Data alone won’t improve a network. Network verification platforms are taking on the heavy lifting of collecting and organizing this myriad of information about network design details and forwarding rules. They’re also changing the way of how network operators analyze data quickly to provide meaningful insights to IT organizations.
Network operators have to deal with an inordinate amount of data and complexity when analyzing network behavior and issues. Diagnosing problems can be like searching for a needle in a haystack. Compounding the problem, network details are rarely organized in a central location. Information is spread across devices, management consoles, and vendor-specific tools.
There’s a tremendous amount of useful information deep inside the network infrastructure, but tapping into it is easier said than done. The holy grail has long been to have an accessible single source of truth for the network, but such a repository has been elusive. Drawing practical insights, once you centralize, organize, and leverage the data, is a separate issue entirely.
The end result of network verification is the elusive single source of truth in a structured, useful database format complemented with an intelligent analysis engine that mirrors the high-level insights of the most sophisticated network architects and engineers.
Making Network Analysis Less Painful
Analyzing network behavior is a time-intensive process; moreover, many enterprises don’t have the IT resources to ensure their networks are error-free or agile enough to address the pace of change modern enterprises now expect. Throw in the fact that different parts of the network may use different monitoring interfaces, and managing network data can be nearly impossible.
“IT teams need to move quickly to diagnose issues or verify network updates and changes. When you have thousands of devices from dozens of vendors, and with several thousands of lines of configuration and dynamic state on each of these devices, just the data collection is painful,” says Nikhil Handigol, co-founder of Forward Networks. “On top of it, retrieving the information of interest is even harder. This information is presented in very different ways across these device types. This has made network automation tasks in these areas really difficult.”
Network verification platforms, however, can take data from all points in the network and put it in one place, using a standardized format for the data presentation. This removes the need to understand and correlate vendor-specific formats that come with less-holistic approaches to network analysis.
Forward’s verification method, in particular, uses sophisticated path analysis technology to craft a highly-detailed report of end-to-end network behavior and can compare that to the intended security and connectivity requirements of the entire organization.

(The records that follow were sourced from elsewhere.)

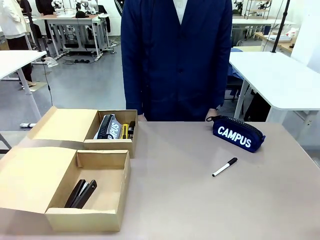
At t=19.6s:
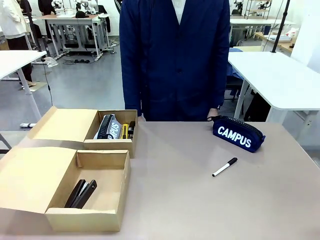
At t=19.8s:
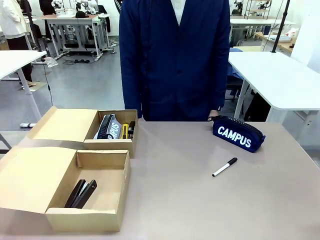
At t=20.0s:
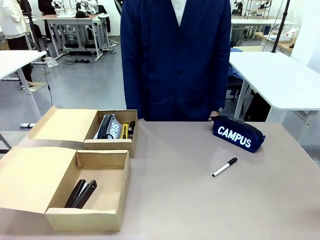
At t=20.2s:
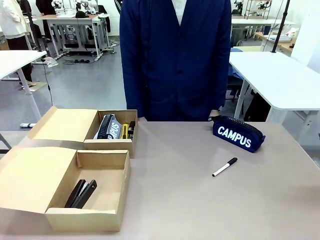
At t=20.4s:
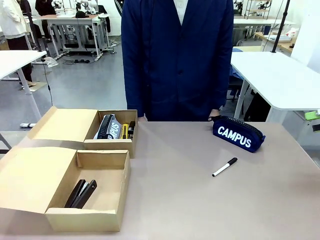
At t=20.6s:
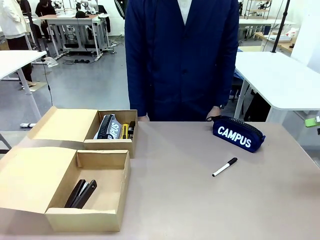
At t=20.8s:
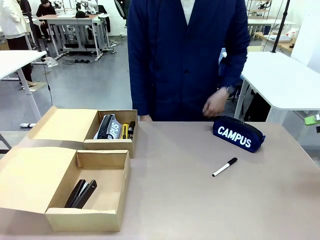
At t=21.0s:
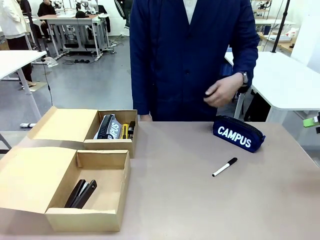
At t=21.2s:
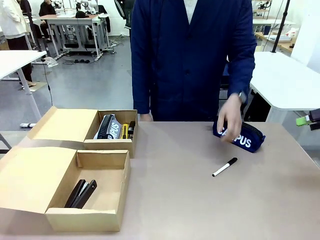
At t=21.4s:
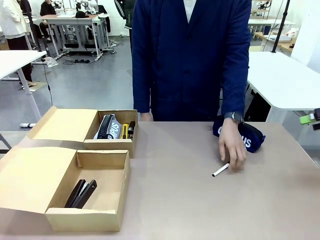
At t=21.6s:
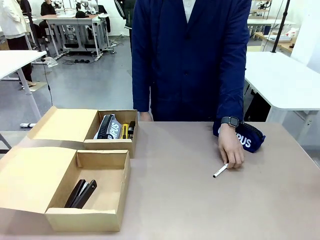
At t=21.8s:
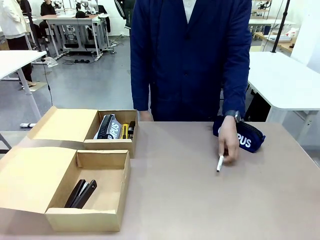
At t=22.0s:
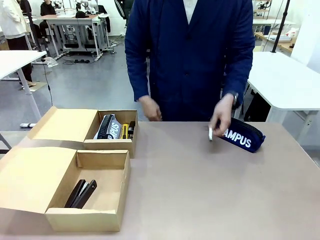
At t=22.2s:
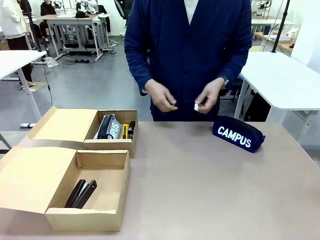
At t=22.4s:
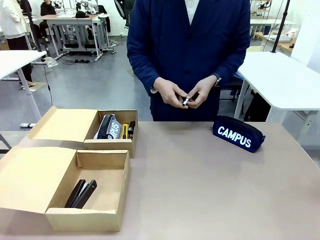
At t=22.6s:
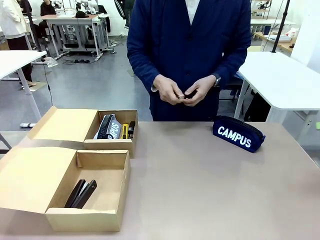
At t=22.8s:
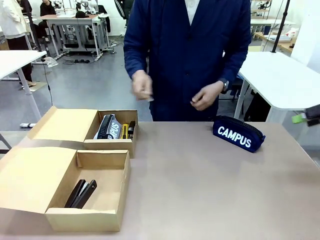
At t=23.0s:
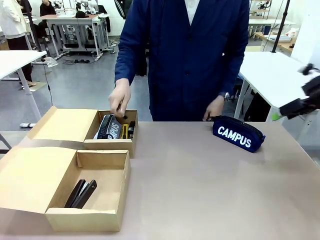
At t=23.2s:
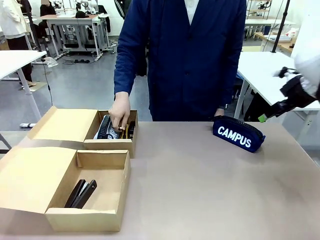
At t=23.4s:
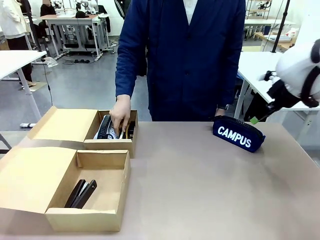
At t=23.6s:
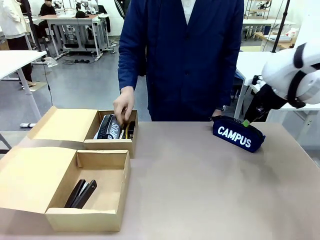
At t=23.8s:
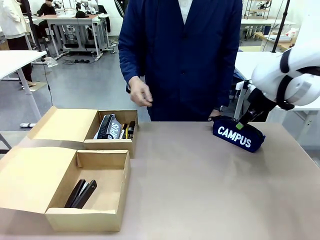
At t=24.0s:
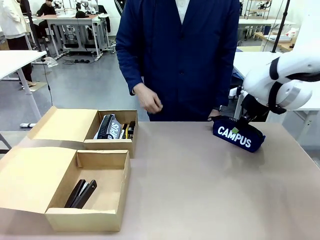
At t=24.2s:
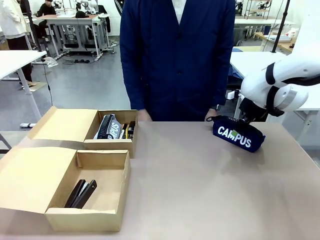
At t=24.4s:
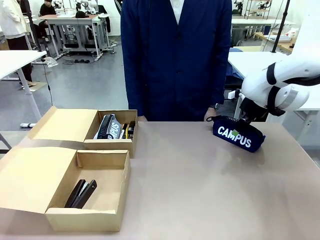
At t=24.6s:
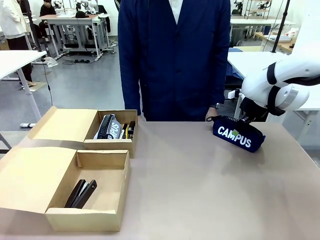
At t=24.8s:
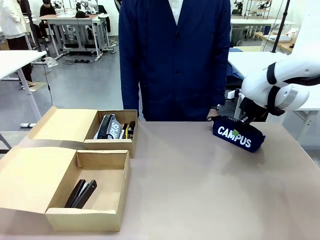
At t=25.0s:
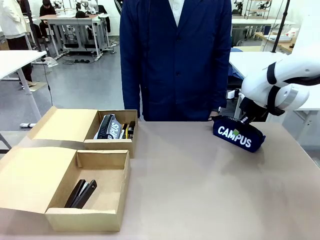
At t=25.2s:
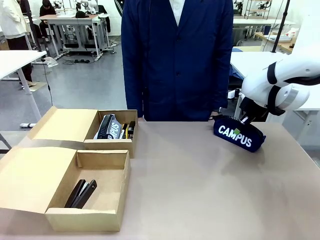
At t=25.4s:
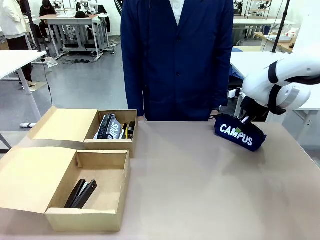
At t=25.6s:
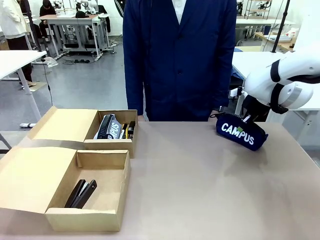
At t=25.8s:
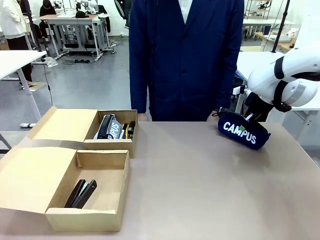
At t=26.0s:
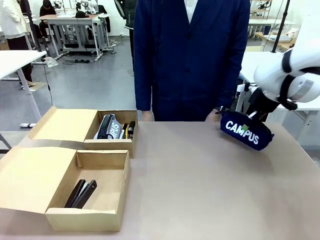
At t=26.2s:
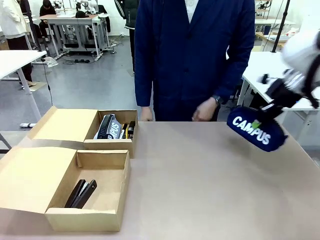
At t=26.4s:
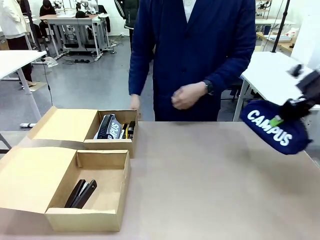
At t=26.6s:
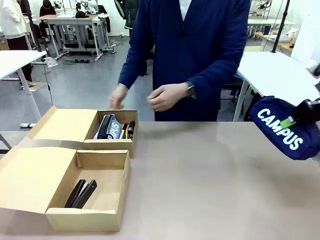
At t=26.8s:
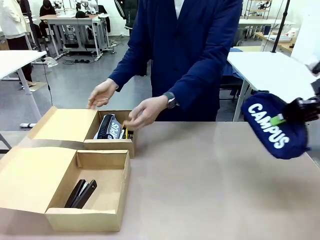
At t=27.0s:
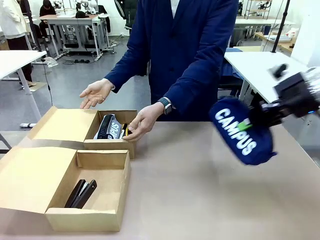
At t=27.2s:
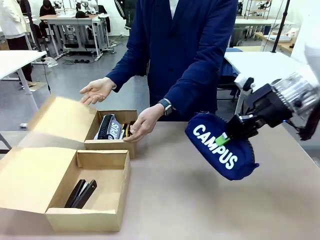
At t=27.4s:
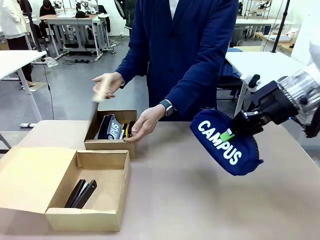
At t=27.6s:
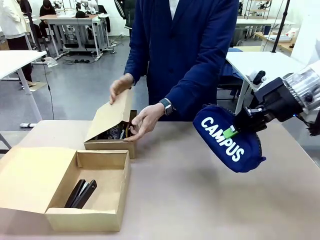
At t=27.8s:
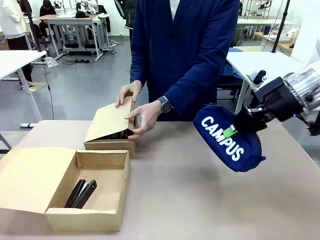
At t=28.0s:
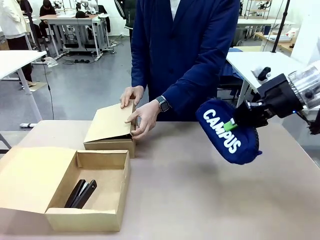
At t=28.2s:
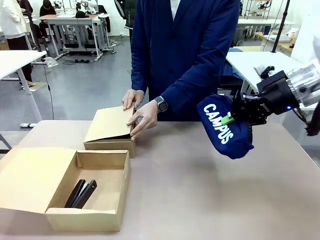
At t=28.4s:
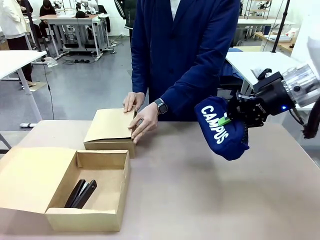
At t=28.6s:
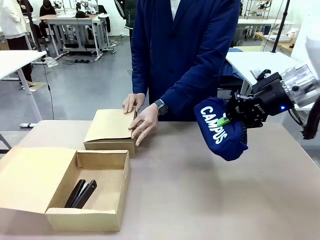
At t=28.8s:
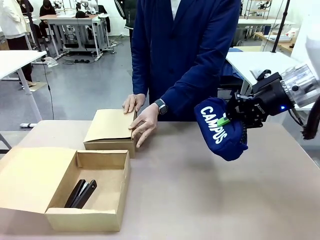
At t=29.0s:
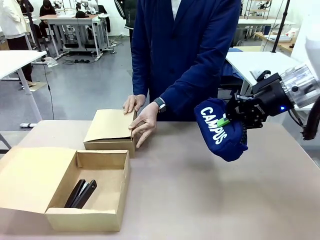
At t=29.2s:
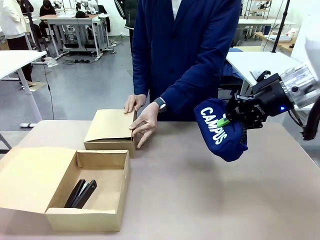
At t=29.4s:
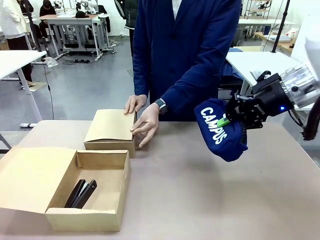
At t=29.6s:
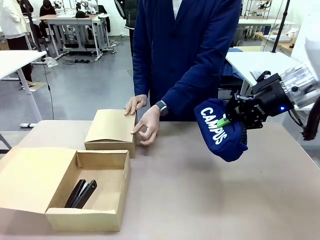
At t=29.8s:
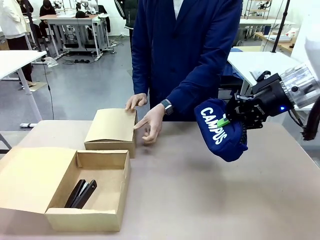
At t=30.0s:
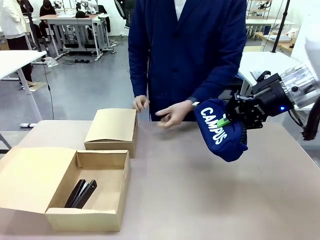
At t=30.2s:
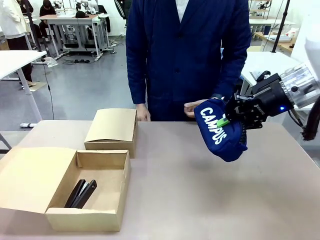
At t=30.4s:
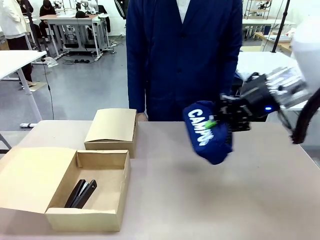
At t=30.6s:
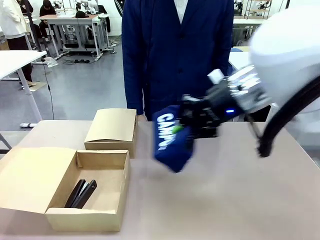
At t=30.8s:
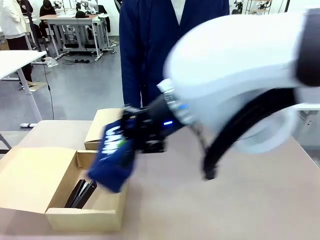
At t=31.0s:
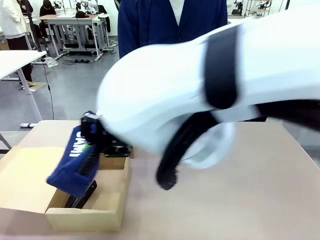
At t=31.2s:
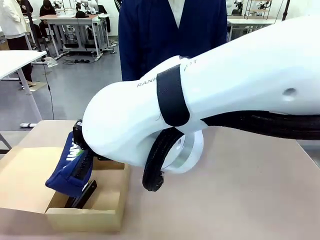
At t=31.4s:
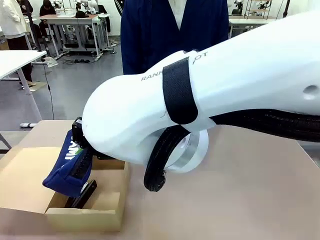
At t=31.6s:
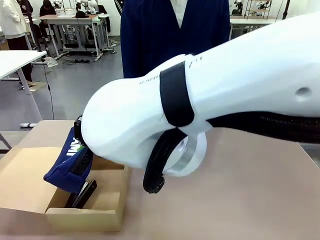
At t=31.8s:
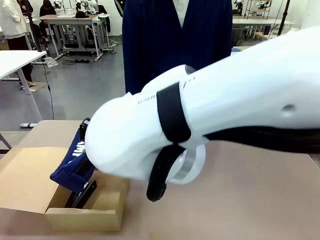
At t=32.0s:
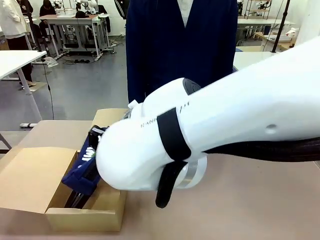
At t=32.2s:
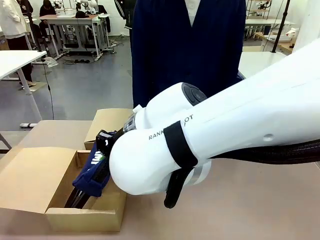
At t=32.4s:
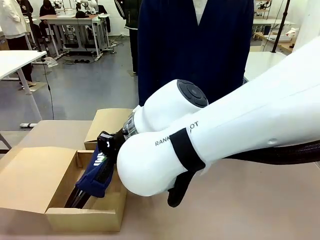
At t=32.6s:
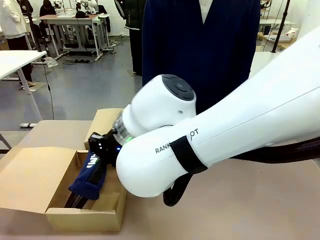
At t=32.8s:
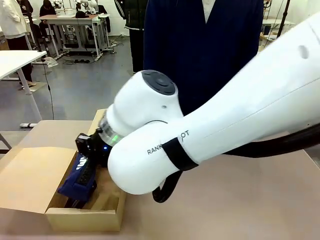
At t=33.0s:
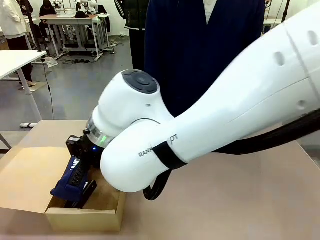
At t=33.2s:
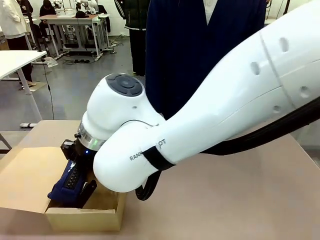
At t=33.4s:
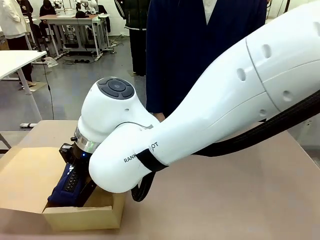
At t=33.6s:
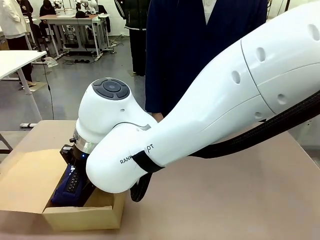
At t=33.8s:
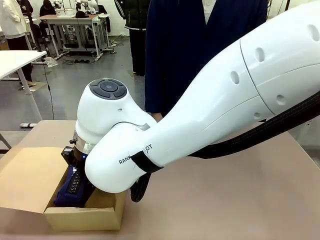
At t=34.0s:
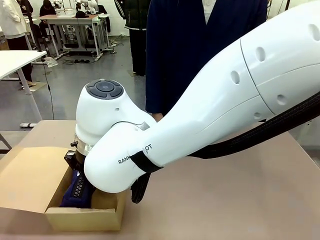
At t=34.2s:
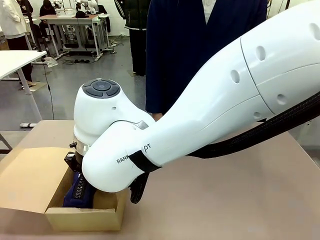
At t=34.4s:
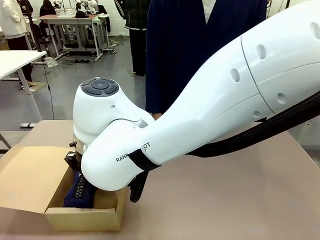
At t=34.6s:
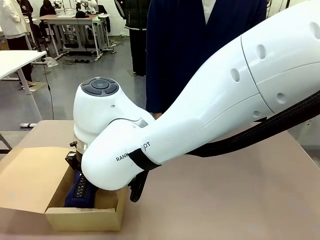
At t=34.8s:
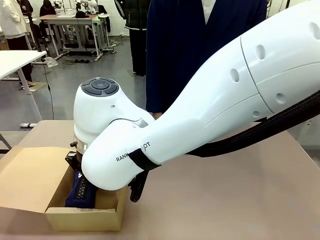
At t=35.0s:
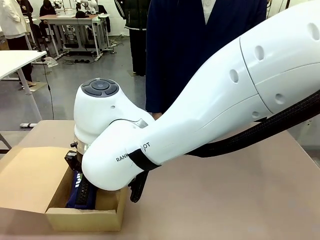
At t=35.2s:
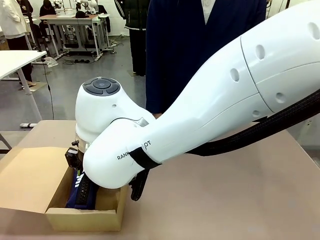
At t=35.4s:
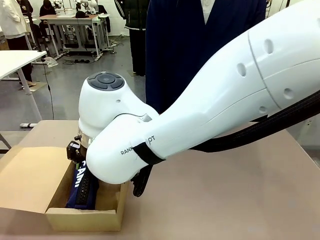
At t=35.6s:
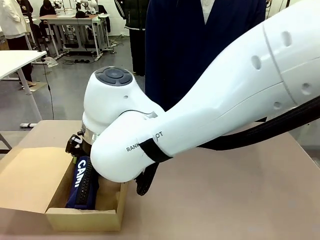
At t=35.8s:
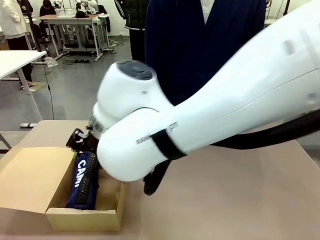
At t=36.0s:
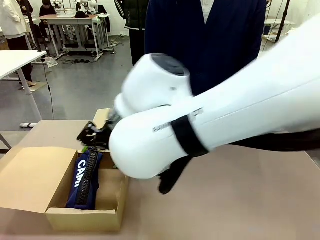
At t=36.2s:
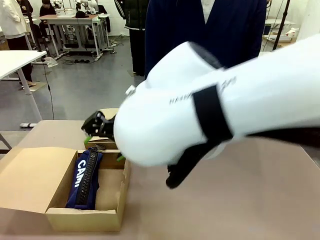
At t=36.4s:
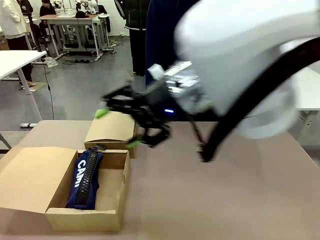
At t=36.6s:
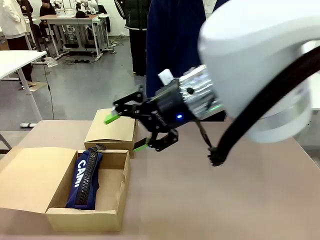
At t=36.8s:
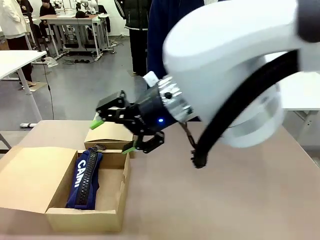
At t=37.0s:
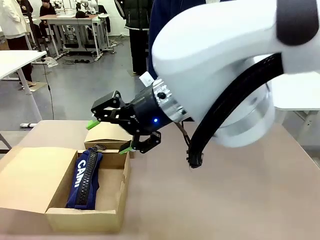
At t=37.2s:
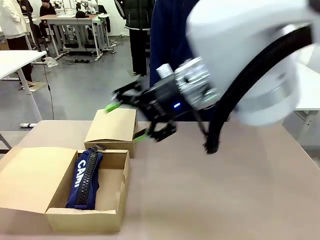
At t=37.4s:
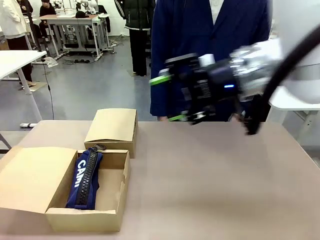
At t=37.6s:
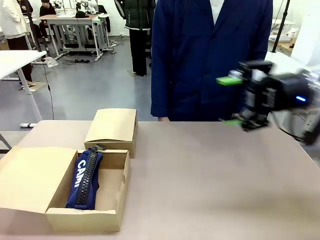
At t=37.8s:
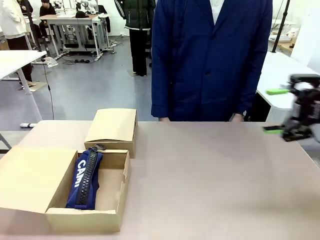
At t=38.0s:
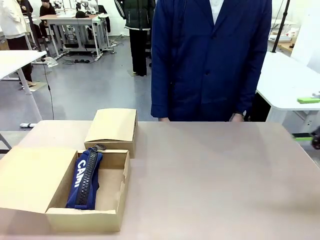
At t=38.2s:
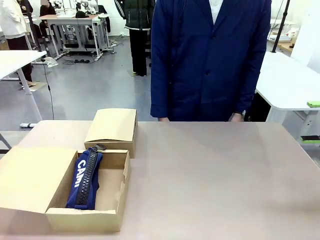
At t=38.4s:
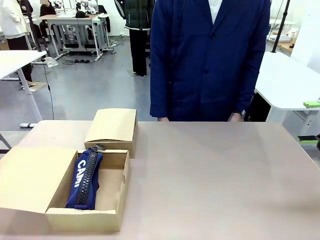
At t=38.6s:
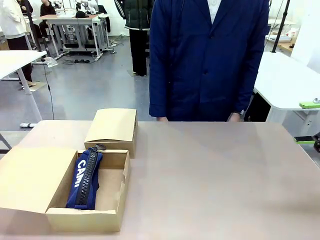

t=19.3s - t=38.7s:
Task: Place items inside the box.
Robot: Pick up a Pencil pouch or Stapler and place it inside the Mailer Box closest to the robot.
Person: Close the lid of the box facing the person.

It essentially allows the network to be treated as a database. A user can query the network through a standardized interface while not having to worry about the process of collecting, storing, and normalizing the data.
“You can access this data directly and start doing stuff with it without having to do any additional parsing,” Handigol said. “This data appears the same way, regardless of the device vendor — whether it’s a Juniper device, whether it’s a Cisco device, whether it’s a Palo Alto Networks device. It appears as exactly the same format so that you can focus on the thing that you care about, which is validating the properties of your network without having to worry about the underlying scale or complexity.”
Why Network Verification?
It’s becoming more critical than ever for network operators to know their network’s capabilities, behavior, and limitations from end to end. With the complexities of a multi-vendor network, and the overwhelming amount of configuration data, it’s becoming increasingly harder to do so. If a recent update to the network has inadvertently introduced a policy violation or security vulnerability, it’s incredibly difficult to catch these issues in real-time, certainly before the issue surfaces in a real breach or outage.
Network verification enables operators to get a clear understanding of where those vulnerabilities are ahead of time. It gives a clear picture of a network’s problem areas, including any deviations from the network architect’s intent, taking the guesswork out of trying to pin down an issue in networks that are becoming increasingly complex.
“Our belief is that you need a safety net. You need a safeguard — and that’s what verification brings to the table,” Handigol said. “We’re seeing greater diversification of the underlying network infrastructure, especially with public clouds coming into the picture, as well as network virtualization and SD-WAN. Given this increasing diversity of the underlying infrastructure, network verification will underpin the future of network operations.”